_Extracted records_
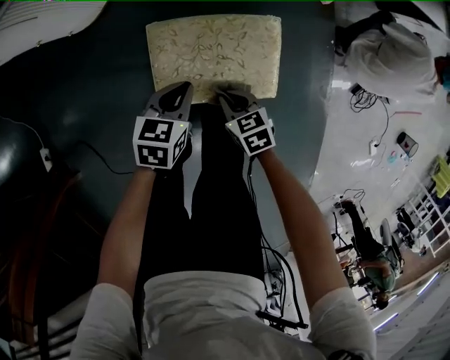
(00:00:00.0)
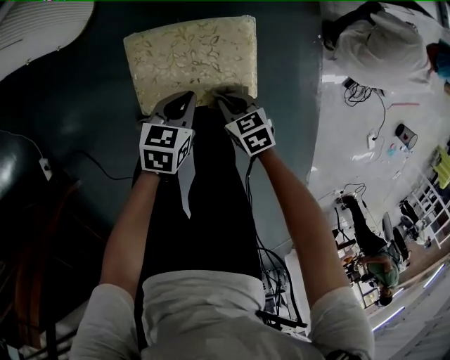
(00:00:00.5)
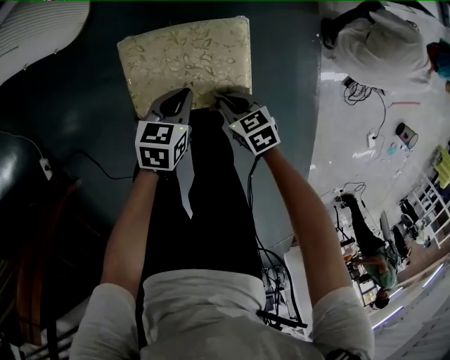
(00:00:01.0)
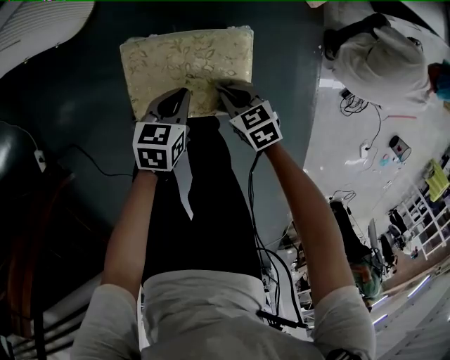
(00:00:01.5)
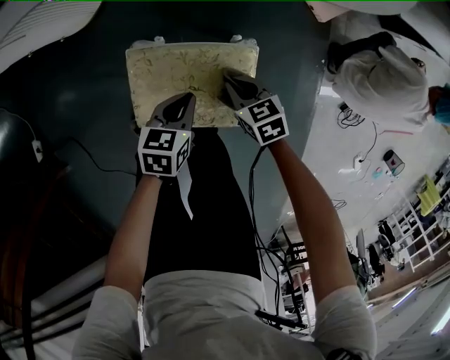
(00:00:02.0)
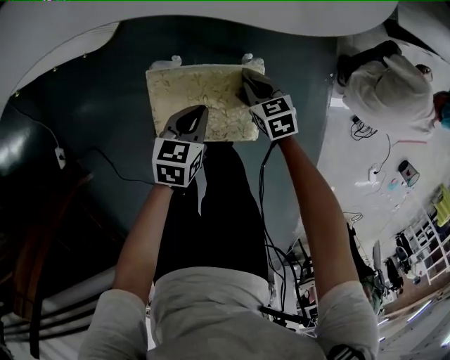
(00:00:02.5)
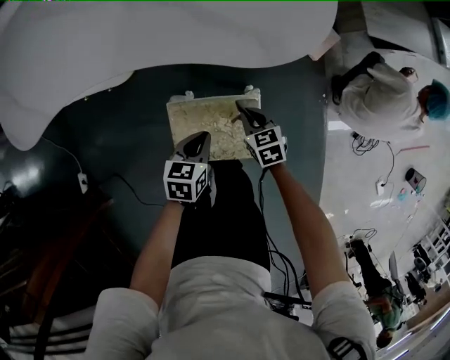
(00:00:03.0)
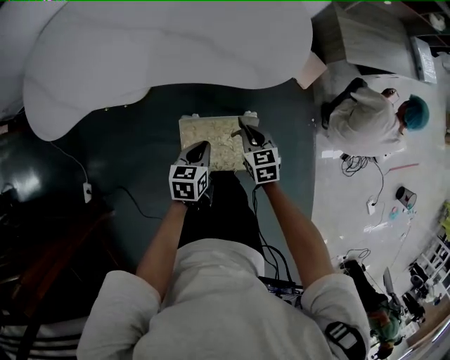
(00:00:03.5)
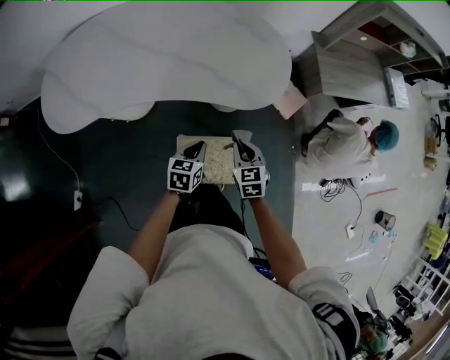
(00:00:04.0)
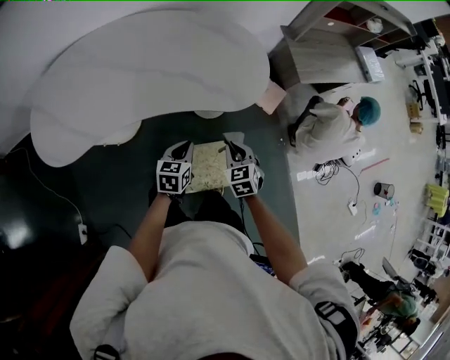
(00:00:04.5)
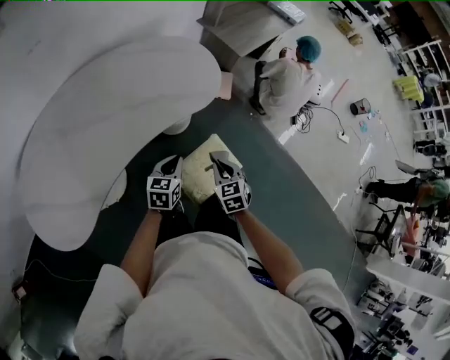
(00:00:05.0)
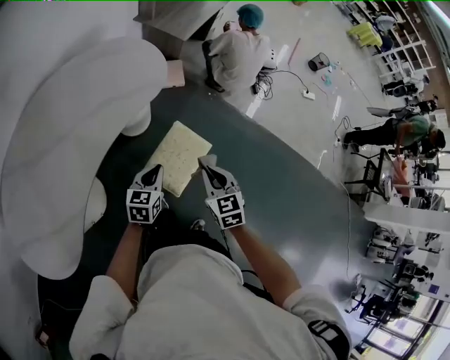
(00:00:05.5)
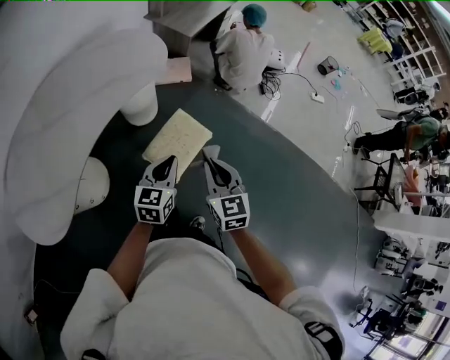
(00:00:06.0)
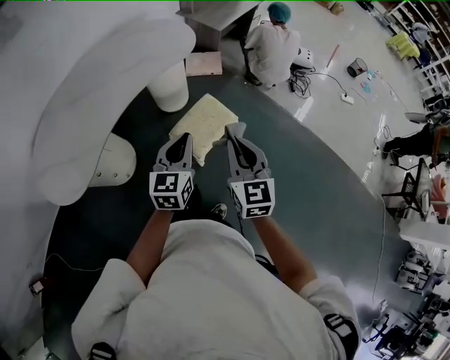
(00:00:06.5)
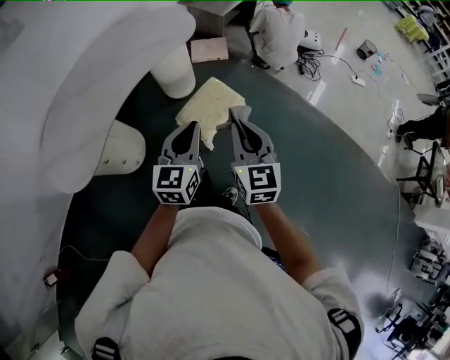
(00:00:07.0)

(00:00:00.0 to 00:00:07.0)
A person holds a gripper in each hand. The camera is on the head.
--
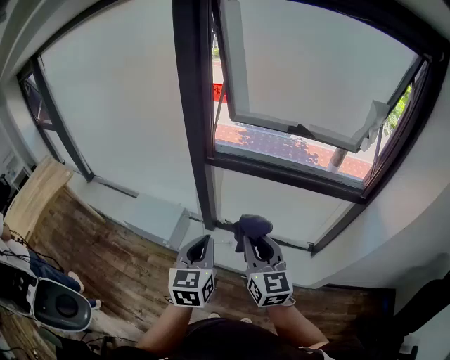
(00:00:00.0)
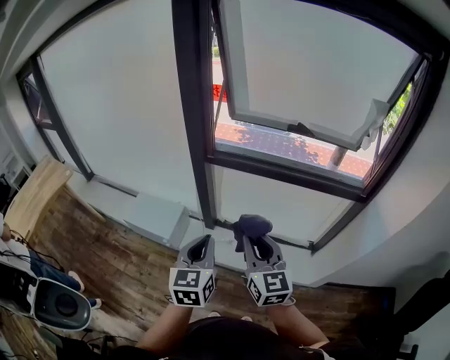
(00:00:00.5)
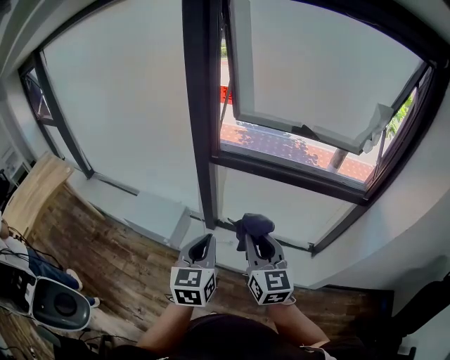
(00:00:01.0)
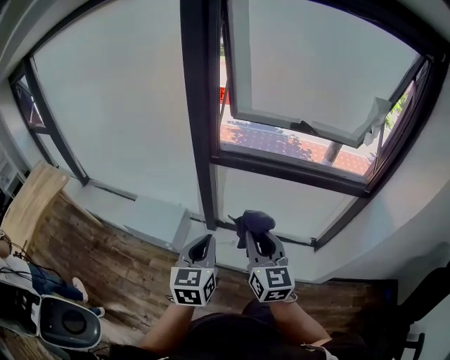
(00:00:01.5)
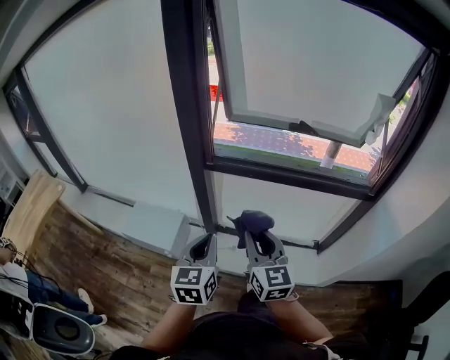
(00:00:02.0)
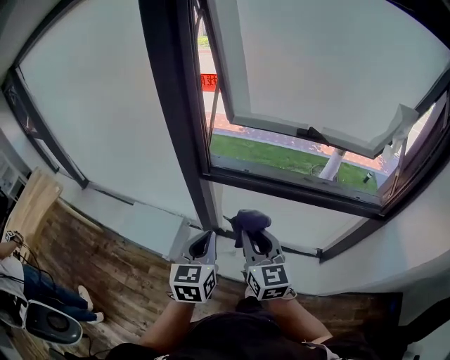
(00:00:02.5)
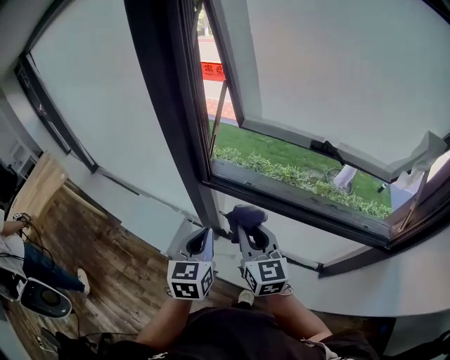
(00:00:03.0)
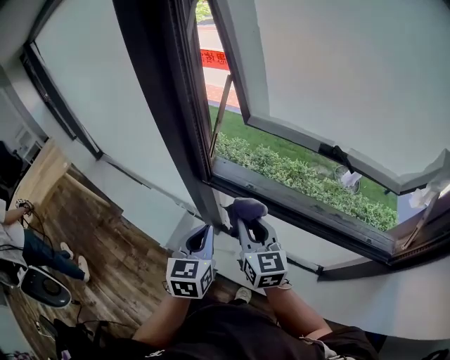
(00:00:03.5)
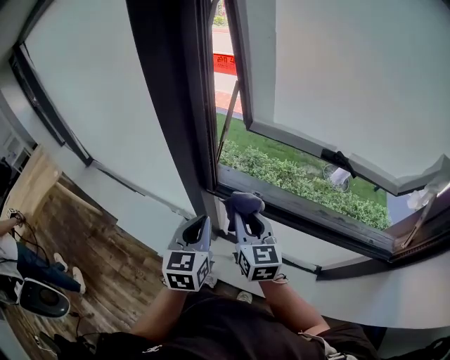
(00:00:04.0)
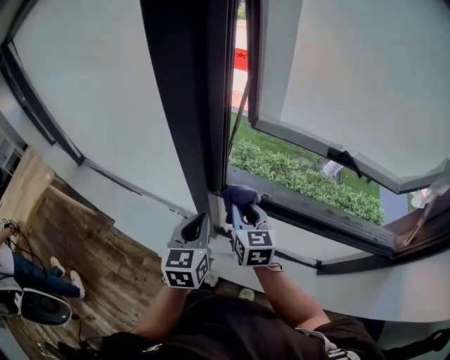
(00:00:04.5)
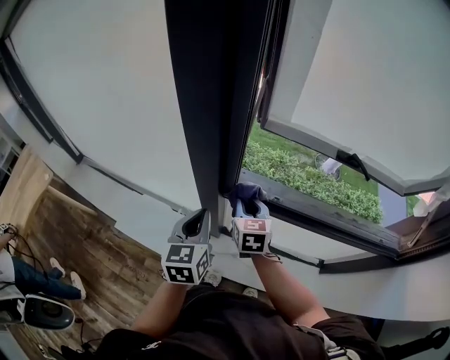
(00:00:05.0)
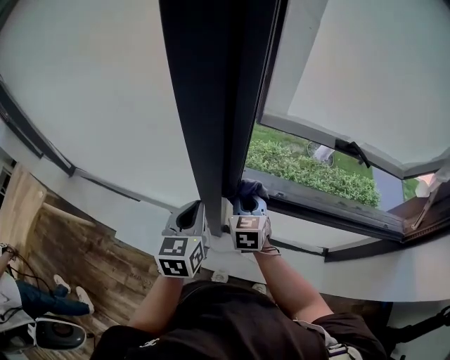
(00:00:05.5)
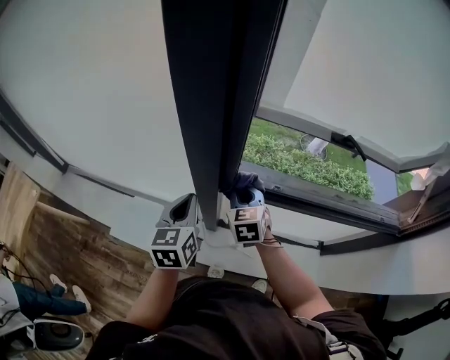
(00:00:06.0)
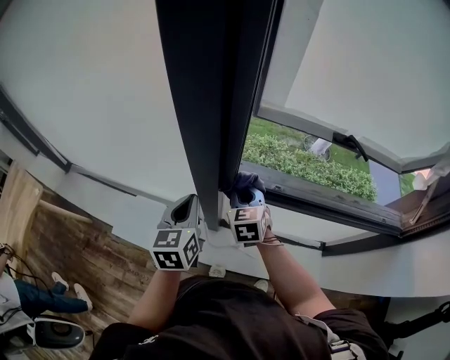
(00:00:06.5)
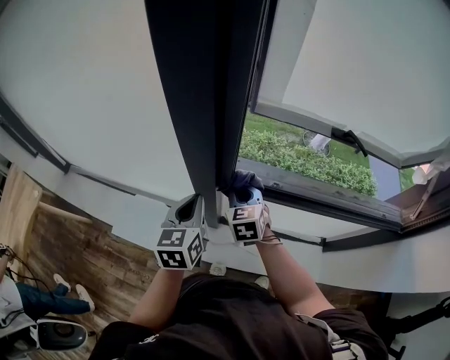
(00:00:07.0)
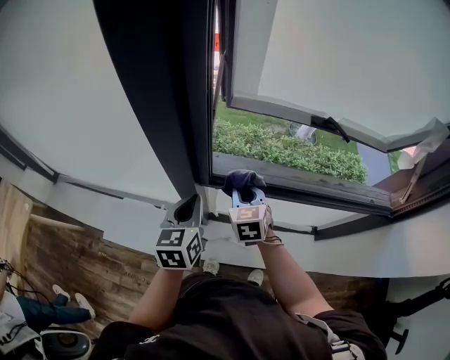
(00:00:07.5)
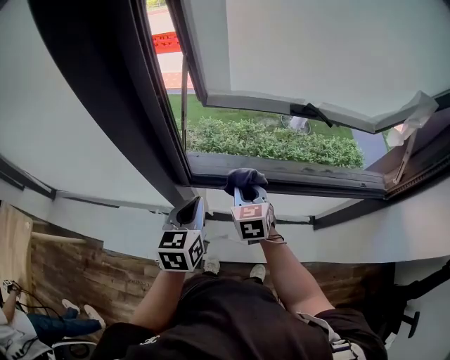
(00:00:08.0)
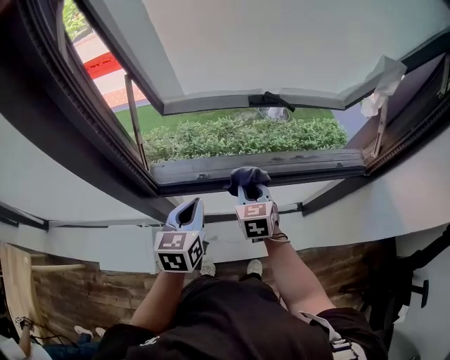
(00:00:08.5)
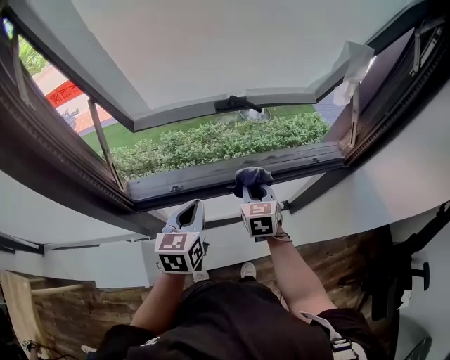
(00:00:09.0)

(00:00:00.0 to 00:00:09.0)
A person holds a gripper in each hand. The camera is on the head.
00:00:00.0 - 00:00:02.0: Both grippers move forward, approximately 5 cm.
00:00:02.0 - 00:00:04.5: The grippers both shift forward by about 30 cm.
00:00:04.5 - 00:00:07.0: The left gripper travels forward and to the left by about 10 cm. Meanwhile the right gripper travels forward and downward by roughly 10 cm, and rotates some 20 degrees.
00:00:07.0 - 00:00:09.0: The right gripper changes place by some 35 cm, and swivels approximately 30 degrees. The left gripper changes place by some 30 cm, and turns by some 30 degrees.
---
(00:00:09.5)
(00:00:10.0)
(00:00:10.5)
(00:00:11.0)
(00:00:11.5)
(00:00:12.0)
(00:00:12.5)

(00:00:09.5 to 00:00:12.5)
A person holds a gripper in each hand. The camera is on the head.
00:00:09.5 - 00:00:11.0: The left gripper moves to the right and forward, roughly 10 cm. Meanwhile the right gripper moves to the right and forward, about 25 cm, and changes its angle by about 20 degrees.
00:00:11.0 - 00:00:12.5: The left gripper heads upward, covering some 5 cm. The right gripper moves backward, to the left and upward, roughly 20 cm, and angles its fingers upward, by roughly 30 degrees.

_Directions for this task_
Starting at the line containing "(00:00:07.5)" and stopping at the line containing "(00:00:00.0 to 00:00:09.0)", output every line above exactly, both ends included, with pictures omitted.

_Result_
(00:00:07.5)
(00:00:08.0)
(00:00:08.5)
(00:00:09.0)

(00:00:00.0 to 00:00:09.0)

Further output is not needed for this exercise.